Transcribe the entries that follow, every word as written, and drop the pictures.

_ _ _ _ _ _ _

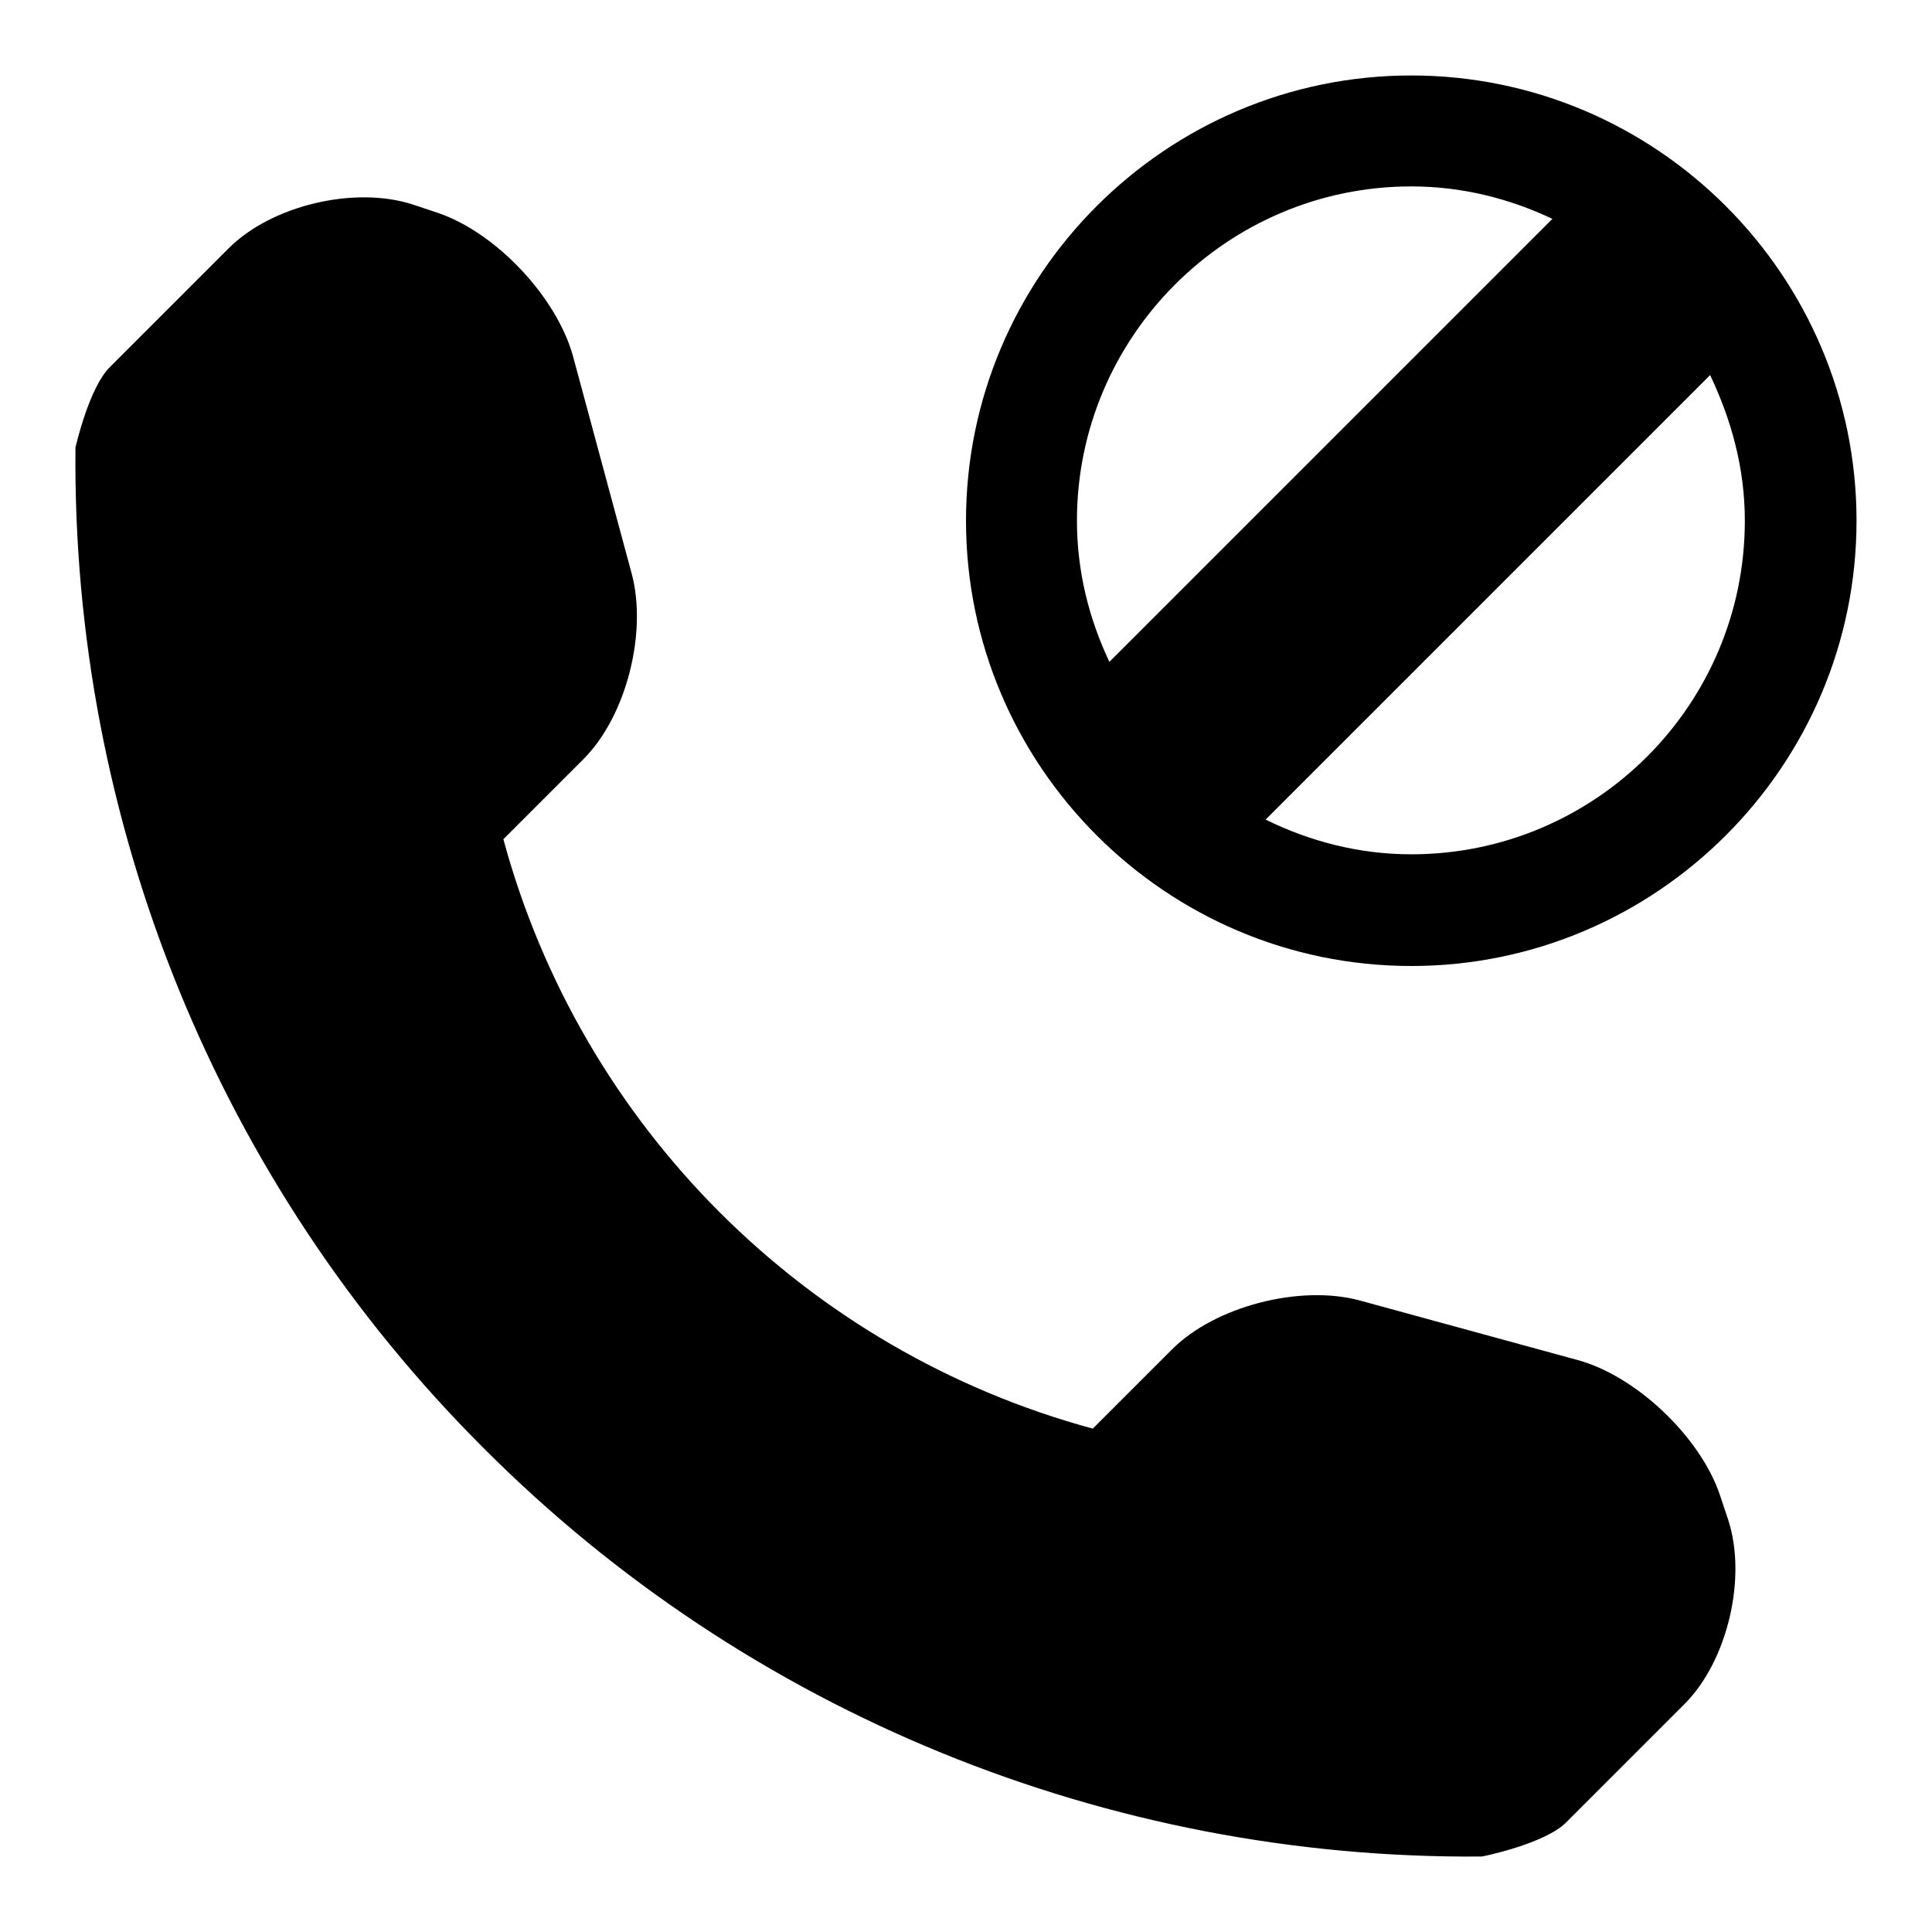 <?xml version="1.0" encoding="utf-8"?>
<!-- Svg Vector Icons : http://www.onlinewebfonts.com/icon -->
<!DOCTYPE svg PUBLIC "-//W3C//DTD SVG 1.1//EN" "http://www.w3.org/Graphics/SVG/1.1/DTD/svg11.dtd">
<svg version="1.1" xmlns="http://www.w3.org/2000/svg" xmlns:xlink="http://www.w3.org/1999/xlink" x="0px" y="0px" viewBox="0 0 256 256" enable-background="new 0 0 256 256" xml:space="preserve">
<g><g><g><path fill="#000000" d="M223.2,225.8l-15.7,15.7c-2.8,2.8-11,4.5-11.2,4.5c-49.5,0.4-97.2-19-132.2-54.1C28.9,156.8,9.5,108.9,10,59.3c0,0,1.8-8,4.6-10.7l15.7-15.7c5.7-5.7,16.7-8.3,24.4-5.8l3.3,1.1c7.7,2.6,15.7,11.1,17.9,18.9L83.7,76c2.1,7.8-0.7,19-6.5,24.7l-10.5,10.5c10.3,38,40.1,67.8,78.1,78.1l10.5-10.5c5.7-5.7,16.9-8.6,24.8-6.5l28.9,7.9c7.8,2.1,16.3,10.2,18.9,17.9l1.1,3.3C231.5,209.1,228.9,220.1,223.2,225.8z M187,10c-32.5,0-59,26.5-59,59c0,32.5,26.5,59,59,59s59-26.5,59-59C246,36.5,219.5,10,187,10z M187,24.7c6.7,0,13,1.6,18.7,4.3L147,87.7c-2.7-5.7-4.3-12-4.3-18.7C142.7,44.6,162.6,24.7,187,24.7z M187,113.2c-6.9,0-13.4-1.7-19.3-4.6l58.9-58.9c2.8,5.9,4.6,12.3,4.6,19.3C231.2,93.4,211.4,113.2,187,113.2z"/></g><g></g><g></g><g></g><g></g><g></g><g></g><g></g><g></g><g></g><g></g><g></g><g></g><g></g><g></g><g></g></g></g>
</svg>

_ _ _ _ _ _ _

ANSWER SECTION
 <?xml version="1.0" encoding="utf-8"?>
<!-- Svg Vector Icons : http://www.onlinewebfonts.com/icon -->
<!DOCTYPE svg PUBLIC "-//W3C//DTD SVG 1.1//EN" "http://www.w3.org/Graphics/SVG/1.1/DTD/svg11.dtd">
<svg version="1.1" xmlns="http://www.w3.org/2000/svg" xmlns:xlink="http://www.w3.org/1999/xlink" x="0px" y="0px" viewBox="0 0 256 256" enable-background="new 0 0 256 256" xml:space="preserve">
<g><g><g><path fill="#000000" d="M223.2,225.8l-15.7,15.7c-2.8,2.8-11,4.5-11.2,4.5c-49.5,0.4-97.2-19-132.2-54.1C28.9,156.8,9.5,108.9,10,59.3c0,0,1.8-8,4.6-10.7l15.7-15.7c5.7-5.7,16.7-8.3,24.4-5.8l3.3,1.1c7.7,2.6,15.7,11.1,17.9,18.9L83.7,76c2.1,7.8-0.7,19-6.5,24.7l-10.5,10.5c10.3,38,40.1,67.8,78.1,78.1l10.5-10.5c5.7-5.7,16.9-8.6,24.8-6.5l28.9,7.9c7.8,2.1,16.3,10.2,18.9,17.9l1.1,3.3C231.5,209.1,228.9,220.1,223.2,225.8z M187,10c-32.5,0-59,26.5-59,59c0,32.5,26.5,59,59,59s59-26.5,59-59C246,36.5,219.5,10,187,10z M187,24.7c6.7,0,13,1.6,18.7,4.3L147,87.7c-2.7-5.7-4.3-12-4.3-18.7C142.7,44.6,162.6,24.7,187,24.7z M187,113.2c-6.9,0-13.4-1.7-19.3-4.6l58.9-58.9c2.8,5.9,4.6,12.3,4.6,19.3C231.2,93.4,211.4,113.2,187,113.2z"/></g><g></g><g></g><g></g><g></g><g></g><g></g><g></g><g></g><g></g><g></g><g></g><g></g><g></g><g></g><g></g></g></g>
</svg>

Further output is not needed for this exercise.